[[ Records provided open ]]
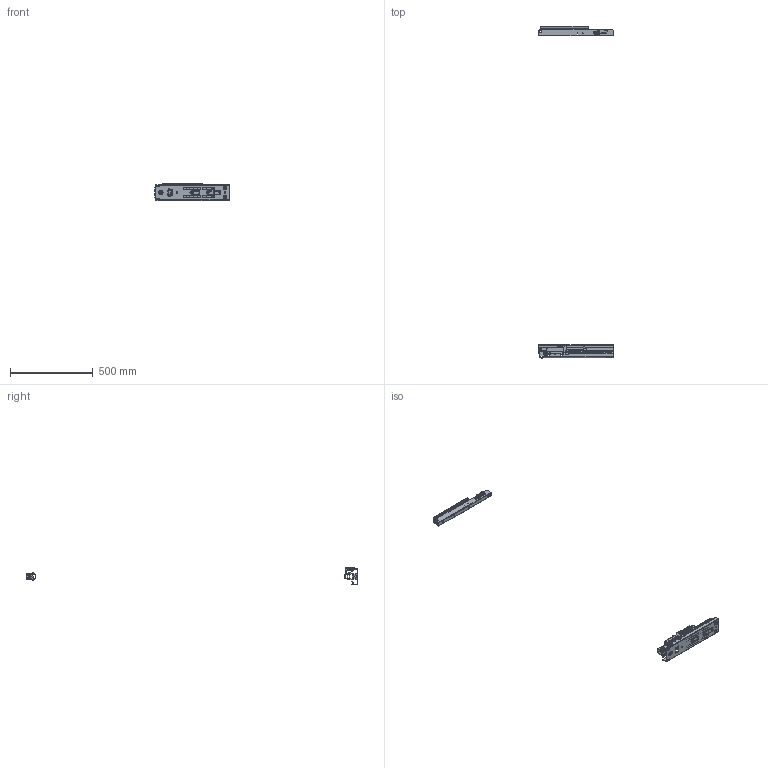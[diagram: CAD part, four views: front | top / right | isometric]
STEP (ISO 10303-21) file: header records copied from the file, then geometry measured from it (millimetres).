
FILE_DESCRIPTION (( 'STEP AP214' ), '1' );
FILE_NAME ('FR_771_A.0450mm_18inch_closed.STEP', '2022-11-16T08:49:47', ( '' ), ( '' ), 'SwSTEP 2.0', 'SolidWorks 2020', '' );
FILE_SCHEMA (( 'AUTOMOTIVE_DESIGN' ));
Length unit declared in the file: millimetre
Products named in the file (23): AV-005.re; 771.XXX-01.H016_NL  450; 719.XXX-GA.L406_NL  300 eingefahren; 771A.XXX-07.0000_NL  450 eingefahren Stellung 1; E31-035_E31-035 vernietet Mat. 2,0mm; 719.XXX-02.L406_NL  300; SE-013_014_rechts; 771.XXX-03.0000_NL  450; FR_771_A.0450mm_18inch_closed; AV-005.li; 875.01-140_-140; 771.XXX-07.S212_NL  450; SE-082; 719.XXX-01.L406_NL  300 ohne Zentrierlappen; 875.01-139_-139; 771A.XXX-01.0000_NL  450 eingefahren; 771.XXX-03.P048_NL  450; N61-187_M 8 x  6,5 - (din913); 01-anschlag.L406_eingefedert; 771.XXX-06.0000_NL  450; SM-040_eingefahren 2mm vor Endstellung; AT-048
Assembly tree (23 placements, depth 4):
  FR_771_A.0450mm_18inch_closed
    771A.XXX-01.0000_NL  450 eingefahren
      771.XXX-01.H016_NL  450
      SM-040_eingefahren 2mm vor Endstellung
        SE-082
    771.XXX-03.0000_NL  450
      771.XXX-03.P048_NL  450
      875.01-140_-140
        875.01-139_-139
        N61-187_M 8 x  6,5 - (din913)
        SE-013_014_rechts
    771.XXX-06.0000_NL  450
      771.XXX-06.0000_NL  450
      E31-035_E31-035 vernietet Mat. 2,0mm  x2
    719.XXX-GA.L406_NL  300 eingefahren
      719.XXX-01.L406_NL  300 ohne Zentrierlappen
      01-anschlag.L406_eingefedert
      719.XXX-02.L406_NL  300
      AT-048
    771A.XXX-07.0000_NL  450 eingefahren Stellung 1
      771.XXX-07.S212_NL  450
      AV-005.re
      AV-005.li
Bounding box: 448.3 x 2000.6 x 102.5 mm (x, y, z)
Volume: 413791.1 mm3; surface area: 563252.2 mm2
Topology: 15 solids, 17 shells, 4814 faces, 12373 edges, 7516 vertices
Faces by surface type: cylinder 1855, plane 1793, bspline 722, torus 190, sphere 172, cone 82
Entity records: 168803 total; most frequent: CARTESIAN_POINT 58937, ORIENTED_EDGE 24394, DIRECTION 21094, EDGE_CURVE 12199, VERTEX_POINT 7491, AXIS2_PLACEMENT_3D 7223, LINE 6648, VECTOR 6648
[[ Records provided closed ]]
Exercise details:
Find and copy each line above that includes the string "anschlag".

Final answer:
Products named in the file (23): AV-005.re; 771.XXX-01.H016_NL  450; 719.XXX-GA.L406_NL  300 eingefahren; 771A.XXX-07.0000_NL  450 eingefahren Stellung 1; E31-035_E31-035 vernietet Mat. 2,0mm; 719.XXX-02.L406_NL  300; SE-013_014_rechts; 771.XXX-03.0000_NL  450; FR_771_A.0450mm_18inch_closed; AV-005.li; 875.01-140_-140; 771.XXX-07.S212_NL  450; SE-082; 719.XXX-01.L406_NL  300 ohne Zentrierlappen; 875.01-139_-139; 771A.XXX-01.0000_NL  450 eingefahren; 771.XXX-03.P048_NL  450; N61-187_M 8 x  6,5 - (din913); 01-anschlag.L406_eingefedert; 771.XXX-06.0000_NL  450; SM-040_eingefahren 2mm vor Endstellung; AT-048
      01-anschlag.L406_eingefedert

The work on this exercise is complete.